Extracted records>
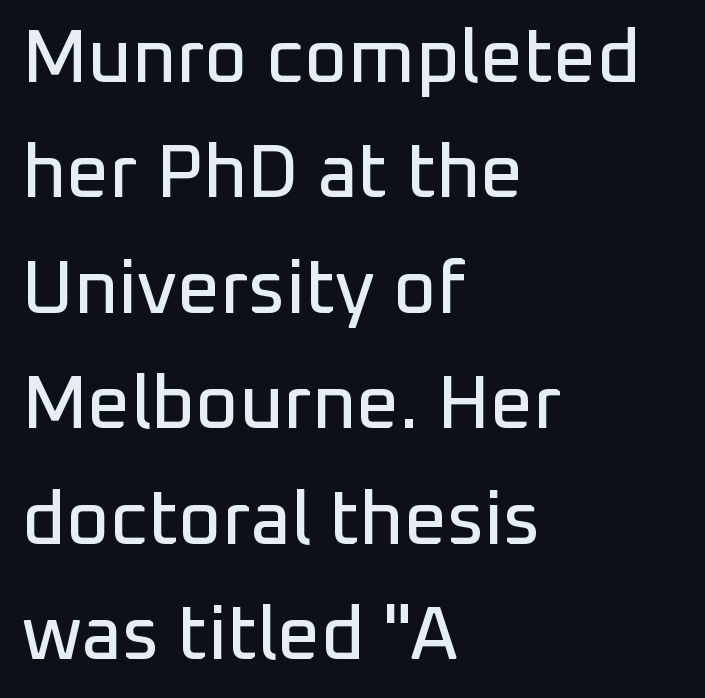
The image shows 75 px sans-serif type, upright; set left-aligned, normal line spacing (1.54x), normal letter spacing, not underlined; low stroke contrast and a medium x-height.
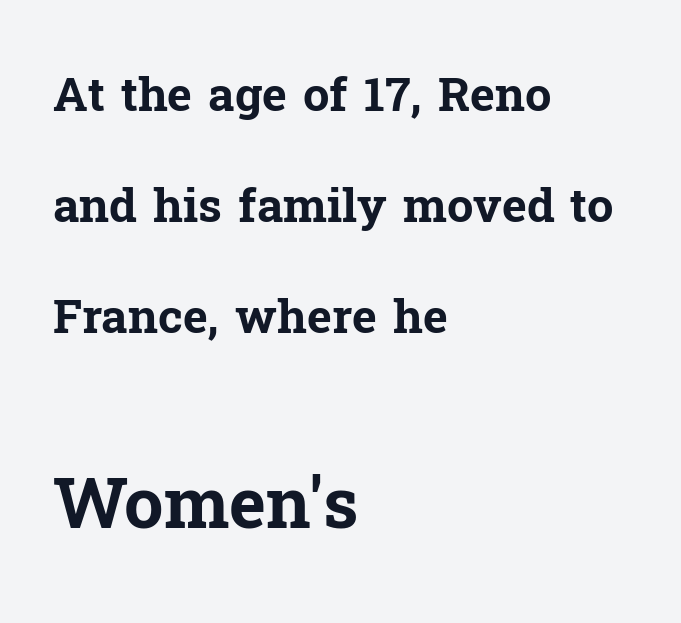
Q: Is the text bold? A: Yes.
Q: Is the text italic (slanted)? A: No, it is upright.
Q: Is the typeface a serif or a sans-serif typeface? A: Serif.
Q: Is the text underlined? A: No.
Q: How is the paragraph aligned? A: Left-aligned.
Q: Is the spacing between letters normal or unusually wide? A: Normal.
Q: Is the spacing between lines tight, normal or loose? A: Loose.
Q: Which block of text is set in a larger size, the first (top) or the second (bottom)? A: The second (bottom) one.
Q: Width (condensed, normal, or wide)? A: Normal.
Q: Stroke contrast? A: Low.
Q: x-height? A: Medium.
Q: Monospaced? A: No.
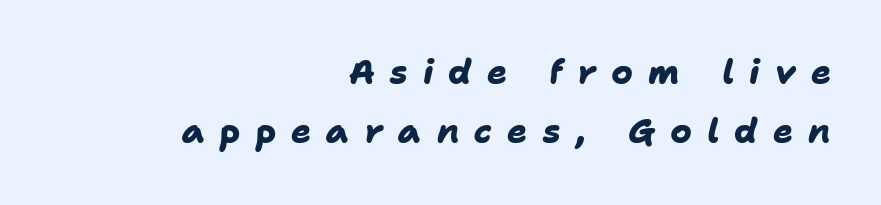
Q: Is the text bold? A: Yes.
Q: Is the typeface a serif or a sans-serif typeface? A: Sans-serif.
Q: Is the text underlined? A: No.
Q: How is the paragraph aligned? A: Right-aligned.
Q: Is the spacing between letters normal or unusually wide? A: Unusually wide.
Q: Width (condensed, normal, or wide)? A: Normal.
Q: Stroke contrast? A: Low.
Q: x-height? A: Medium.
Q: Monospaced? A: No.
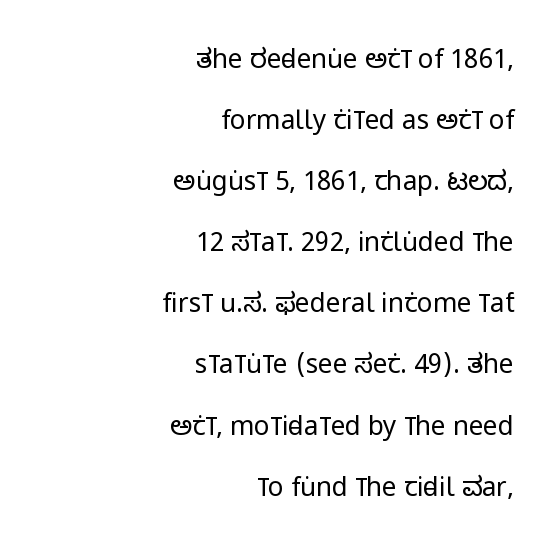
{"italic": "no", "bold": "no", "underline": "no", "align": "right", "line_spacing": "loose", "line_spacing_ratio": 2.35, "letter_spacing": "normal", "letter_spacing_em": 0.0, "glyph_px": 26}
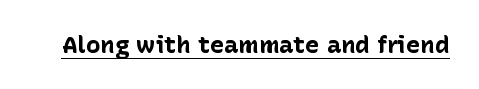
Students, observe the line beneath the letters — that is underlining. Upright lettering throughout. Summary of weight: heavy, a full bold. Here the glyphs are tracked normally, forming tight word shapes.
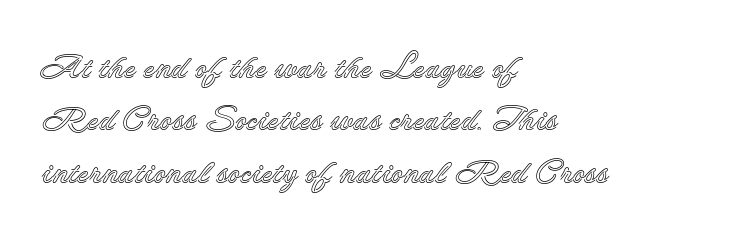
{"width": "normal", "x_height": "small", "monospaced": "no", "underline": "no", "align": "left", "line_spacing": "normal", "line_spacing_ratio": 1.54, "letter_spacing": "normal", "letter_spacing_em": 0.0, "glyph_px": 34}
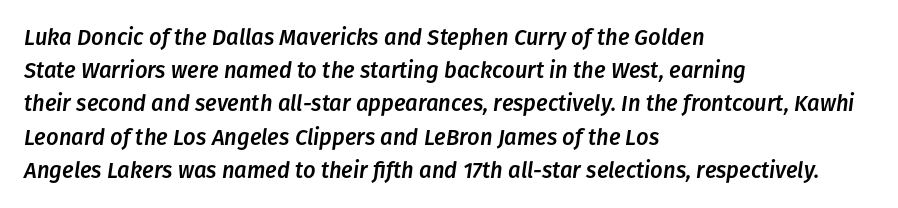
Q: Is the text italic (slanted)? A: Yes, it leans right by about 8 degrees.
Q: Is the text underlined? A: No.
Q: How is the paragraph aligned? A: Left-aligned.
Q: Is the spacing between letters normal or unusually wide? A: Normal.
Q: Is the spacing between lines tight, normal or loose? A: Normal.
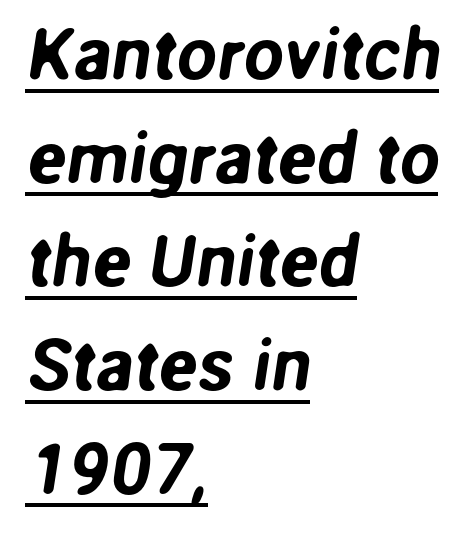
Q: Is the typeface a serif or a sans-serif typeface? A: Sans-serif.
Q: Is the text underlined? A: Yes.
Q: How is the paragraph aligned? A: Left-aligned.
Q: Is the spacing between letters normal or unusually wide? A: Normal.
Q: Is the spacing between lines tight, normal or loose? A: Normal.
Q: Width (condensed, normal, or wide)? A: Normal.
Q: Stroke contrast? A: Low.
Q: x-height? A: Medium.
Q: Monospaced? A: No.
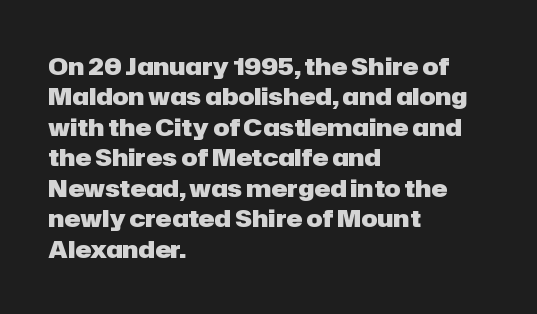
{"italic": "no", "bold": "yes", "underline": "no", "align": "left", "line_spacing": "normal", "line_spacing_ratio": 1.27, "letter_spacing": "normal", "letter_spacing_em": 0.0, "glyph_px": 24}
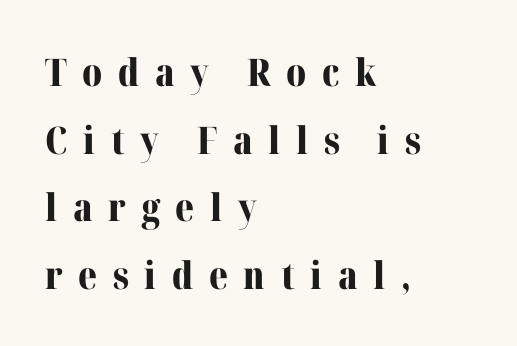
Posture: vertical. The area under the type is left untouched. Type style note: has serifs. Teacher's note: observe the even left margin — that is flush-left alignment. Display-style spreading of the glyphs; the letterfit is very open. The rendering uses natural spacing where letterforms have individual widths.
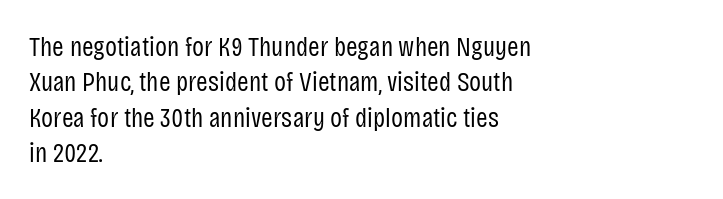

The task>
Pull out all lines in the data above that include "tight".

Response to this task>
Q: Is the spacing between lines tight, normal or loose? A: Loose.
Students, observe the line beneath the letters — that is underlining. Upright lettering throughout. Summary of weight: heavy, a full bold. Here the glyphs are tracked normally, forming tight word shapes.
Q: Is the spacing between lines tight, normal or loose? A: Normal.
Q: Is the spacing between lines tight, normal or loose? A: Normal.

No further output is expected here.